Segment Open

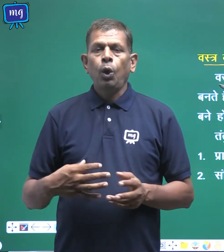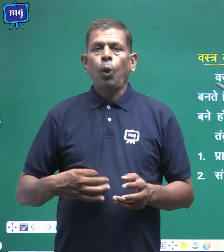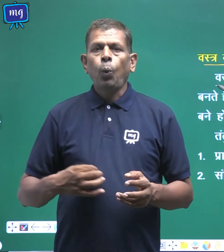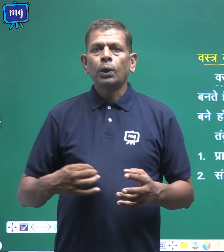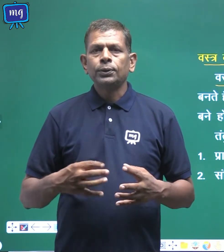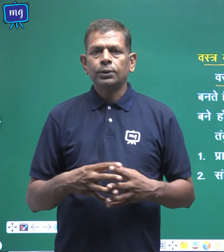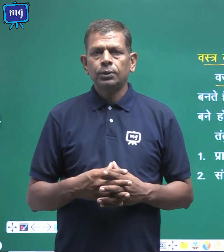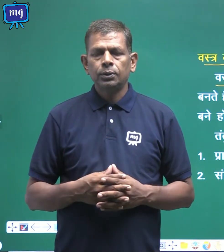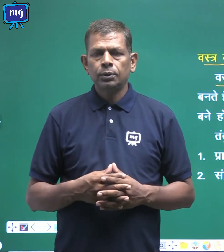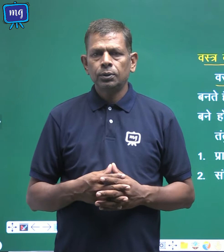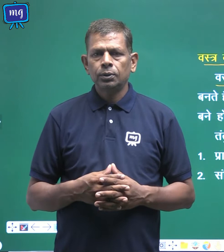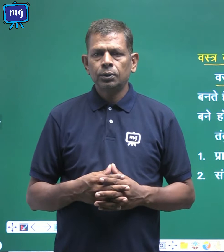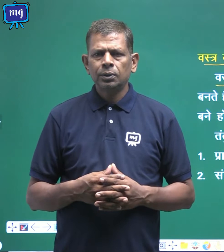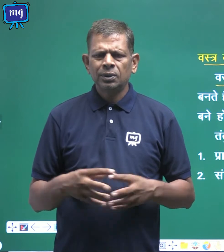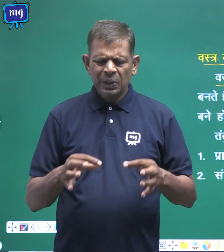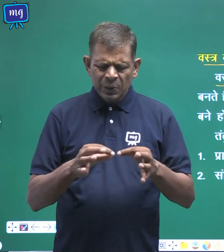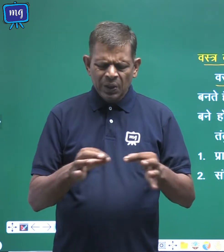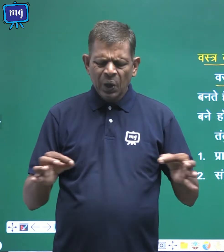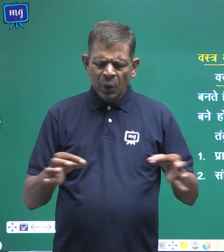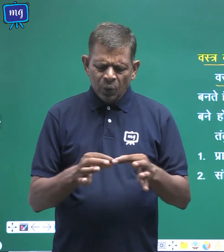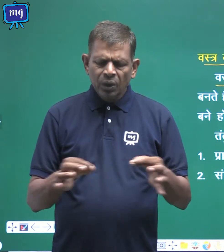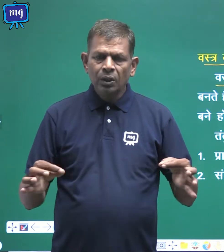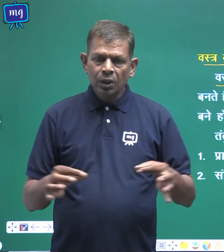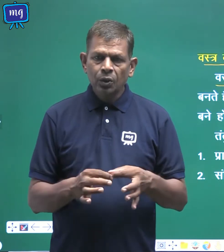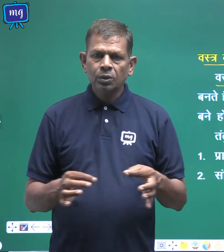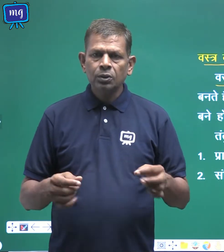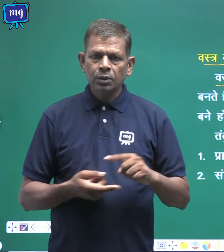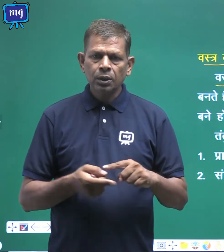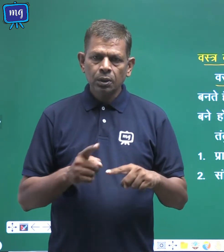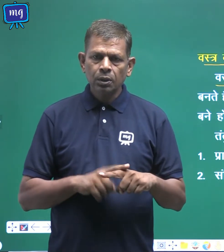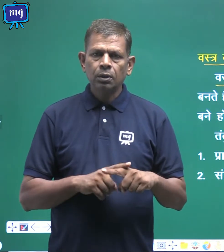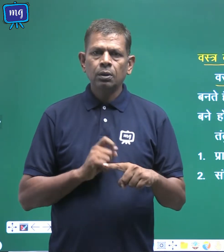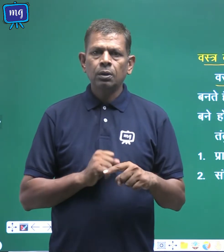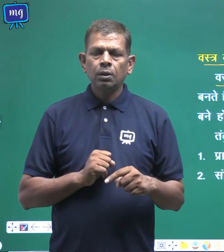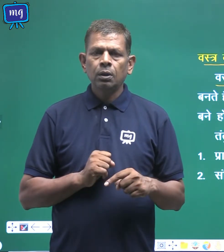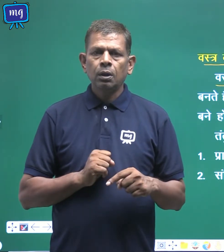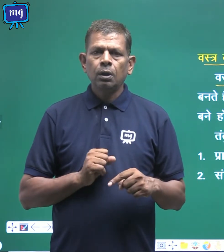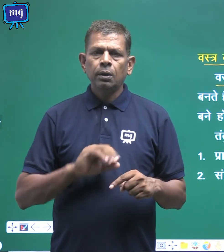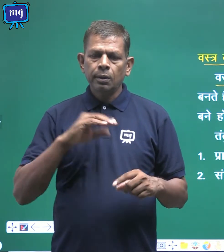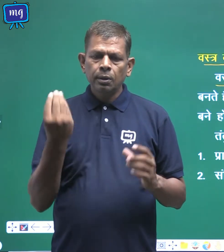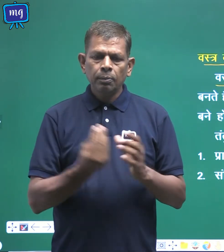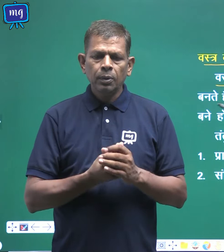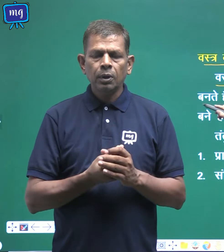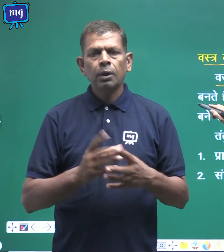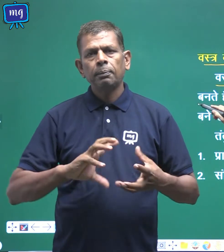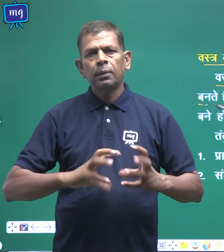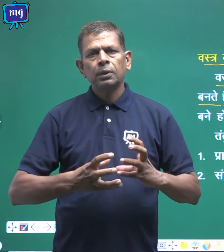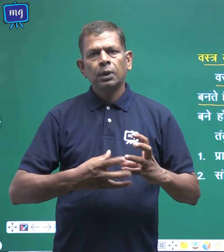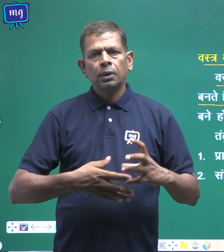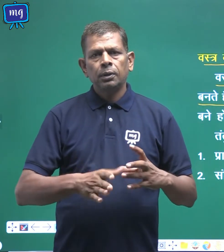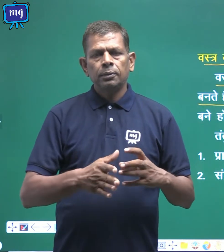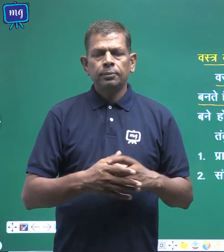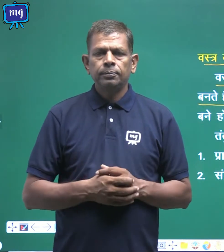वस्त्र तागो या धागो से मिलकर बनते हैं
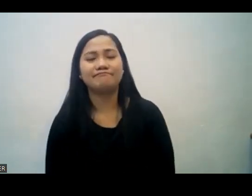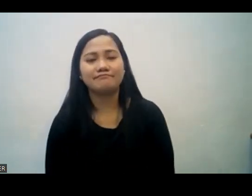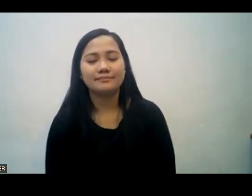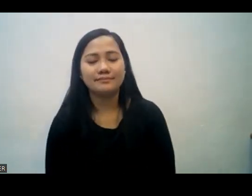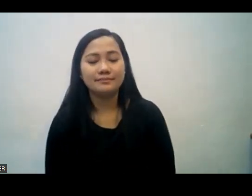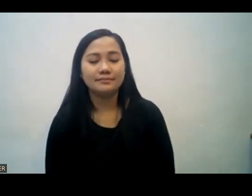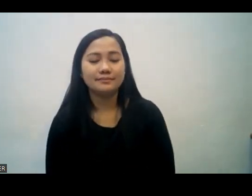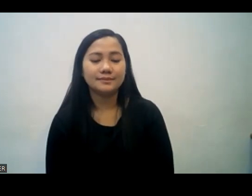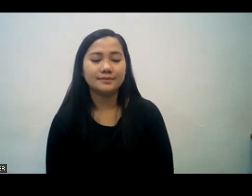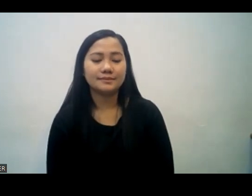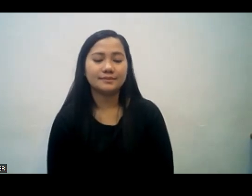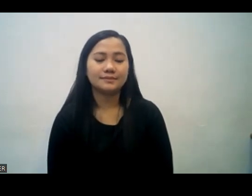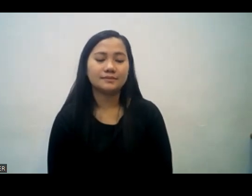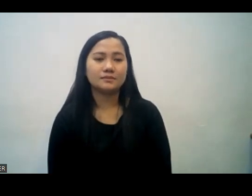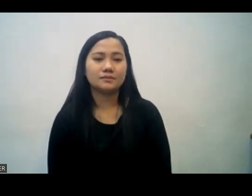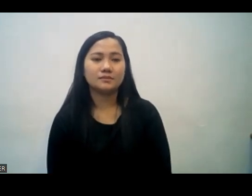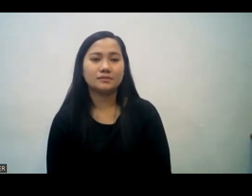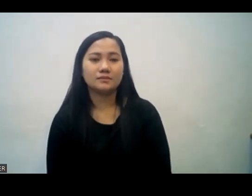pinakakilala ko na mapagkumbaba
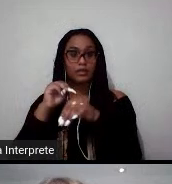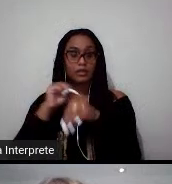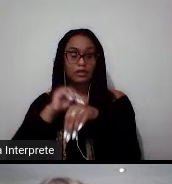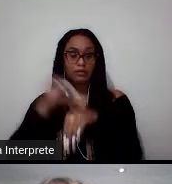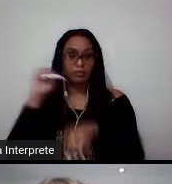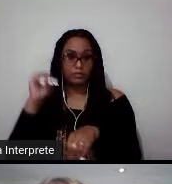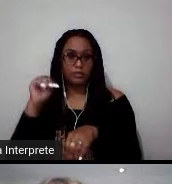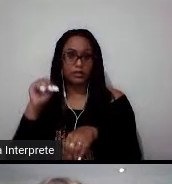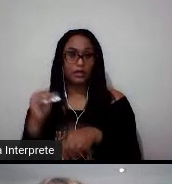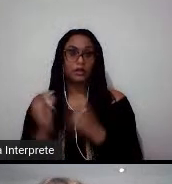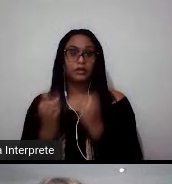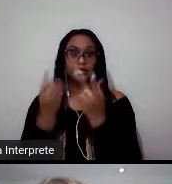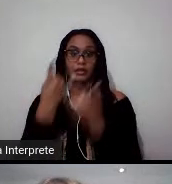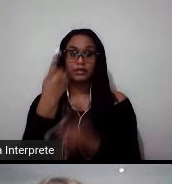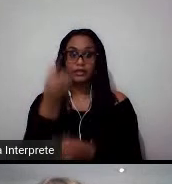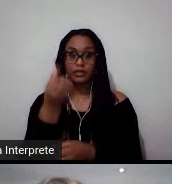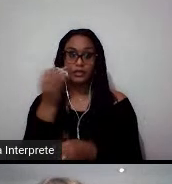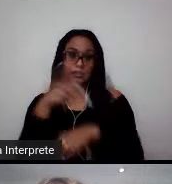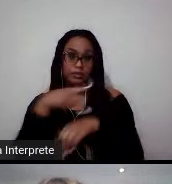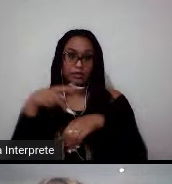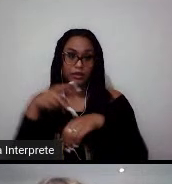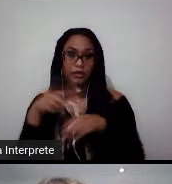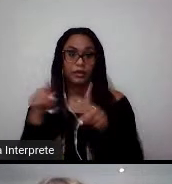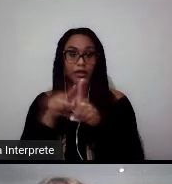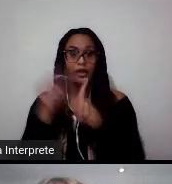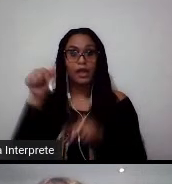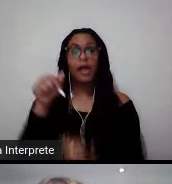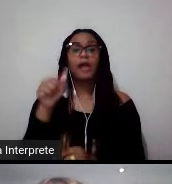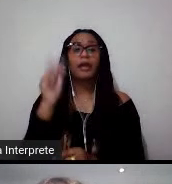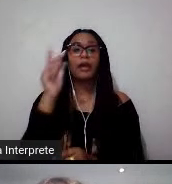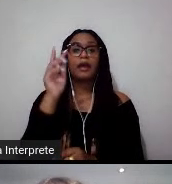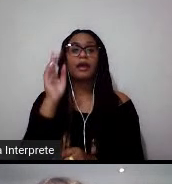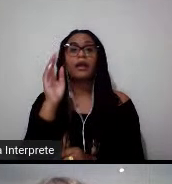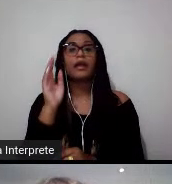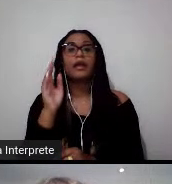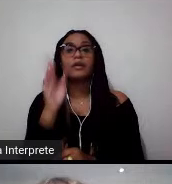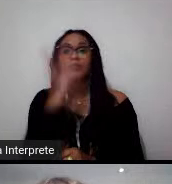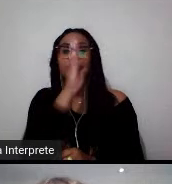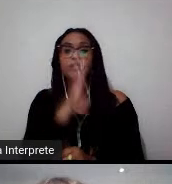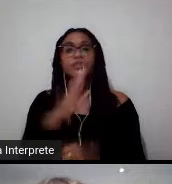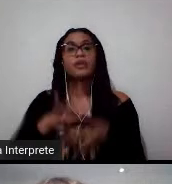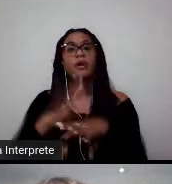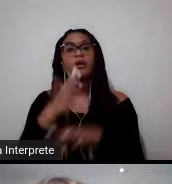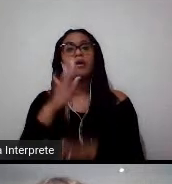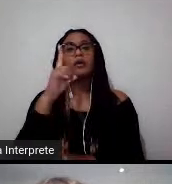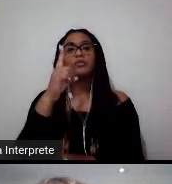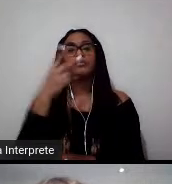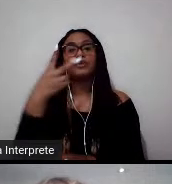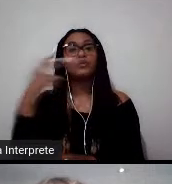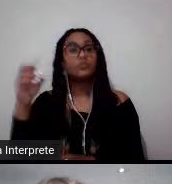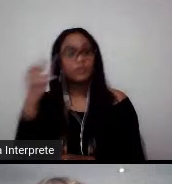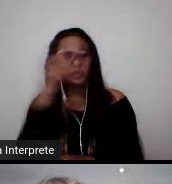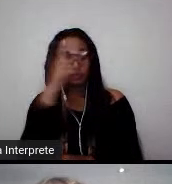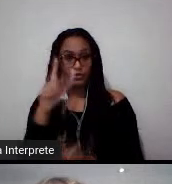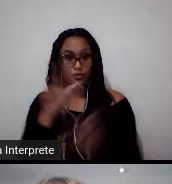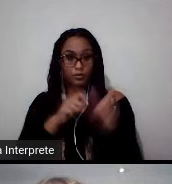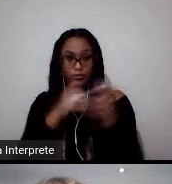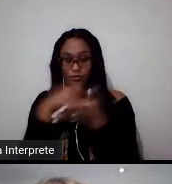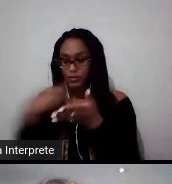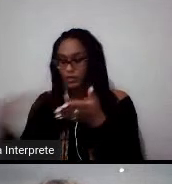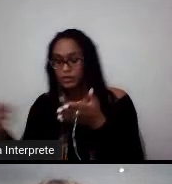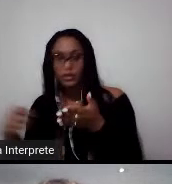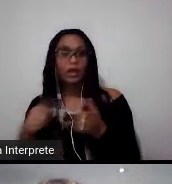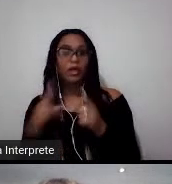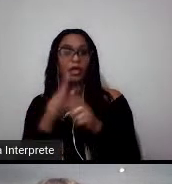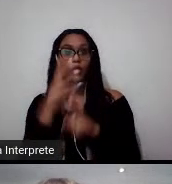mais de 160 países, e no Brasil, mais de 1.200 se inscreveram, e 46 foram selecionadas para fazer parte do

Segment Closed

Prompt:
When you repeat the listing, keep it exact and leave the pictures behind.

Task solution:
वस्त्र तागो या धागो से मिलकर बनते हैं
pinakakilala ko na mapagkumbaba
mais de 160 países, e no Brasil, mais de 1.200 se inscreveram, e 46 foram selecionadas para fazer parte do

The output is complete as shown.